[TASK ITEM]
Line for line, return the data exactly, omitting all pictures.

[Stored items from a collection]
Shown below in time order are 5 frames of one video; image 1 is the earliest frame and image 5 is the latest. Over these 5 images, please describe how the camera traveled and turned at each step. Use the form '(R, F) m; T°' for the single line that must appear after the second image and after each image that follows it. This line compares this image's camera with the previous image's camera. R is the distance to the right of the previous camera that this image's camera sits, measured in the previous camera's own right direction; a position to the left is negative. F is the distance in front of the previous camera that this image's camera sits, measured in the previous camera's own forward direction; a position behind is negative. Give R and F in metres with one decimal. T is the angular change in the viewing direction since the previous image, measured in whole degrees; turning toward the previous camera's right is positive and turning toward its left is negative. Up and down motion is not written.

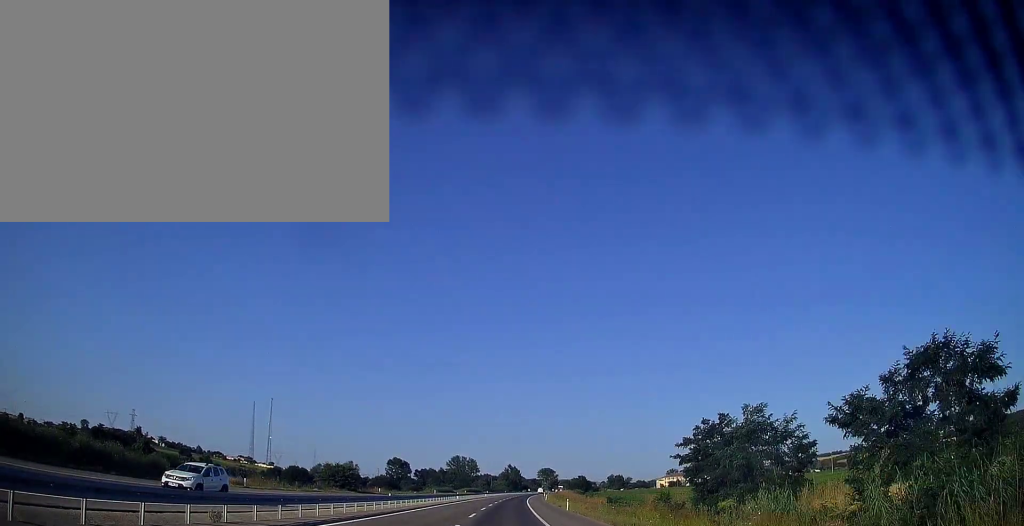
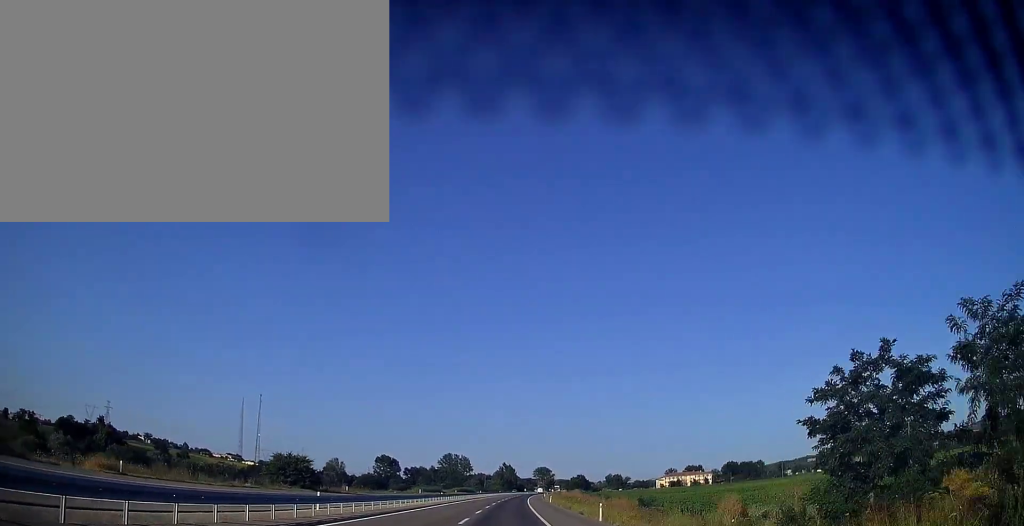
(+0.2, +18.5) m; +1°
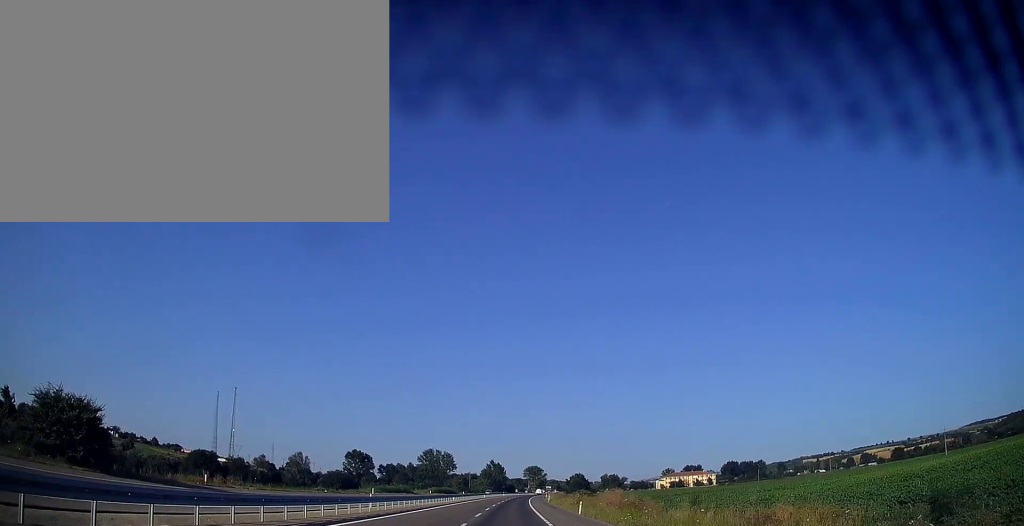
(+0.2, +39.1) m; +1°
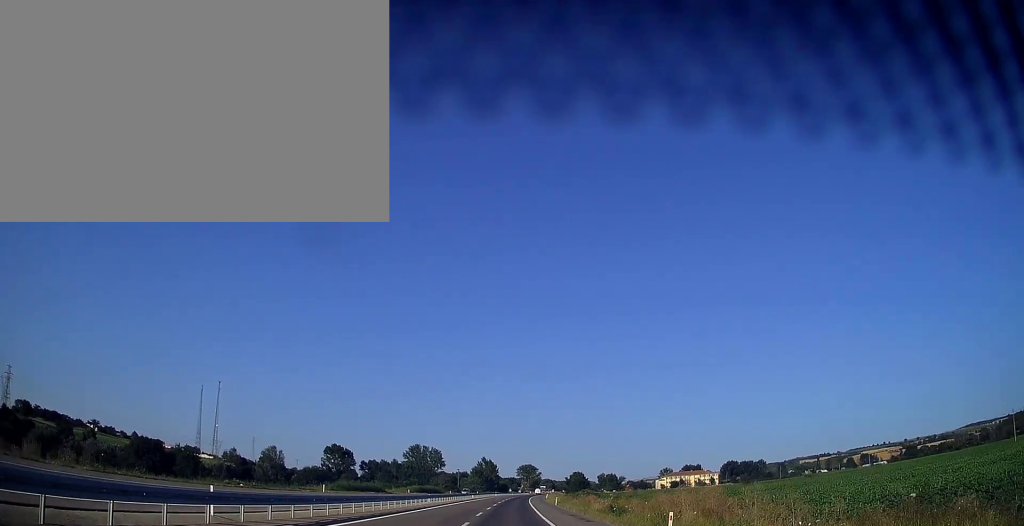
(+0.1, +22.5) m; +1°
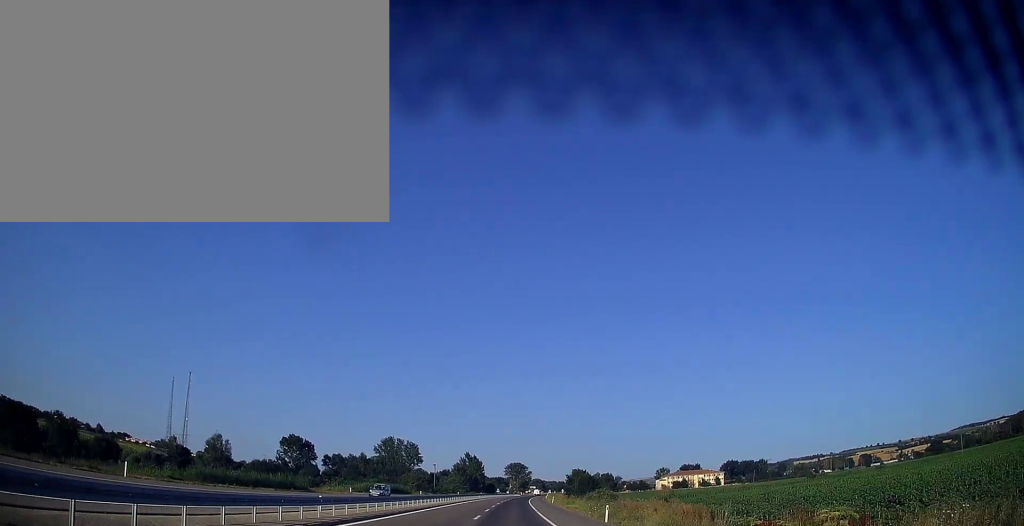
(+0.5, +40.2) m; +1°

[YOUR RESPONSE]
Shown below in time order are 5 frames of one video; image 1 is the earliest frame and image 5 is the latest. Over these 5 images, please describe how the camera traveled and turned at each step. Use the form '(R, F) m; T°' for the single line that must appear after the second image and after each image that follows it. This line compares this image's camera with the previous image's camera. R is the distance to the right of the previous camera that this image's camera sits, measured in the previous camera's own right direction; a position to the left is negative. F is the distance in front of the previous camera that this image's camera sits, measured in the previous camera's own forward direction; a position behind is negative. Give R and F in metres with one decimal. T is the angular change in the viewing direction since the previous image, measured in whole degrees; turning toward the previous camera's right is positive and turning toward its left is negative. Up and down motion is not written.

(+0.2, +18.5) m; +1°
(+0.2, +39.1) m; +1°
(+0.1, +22.5) m; +1°
(+0.5, +40.2) m; +1°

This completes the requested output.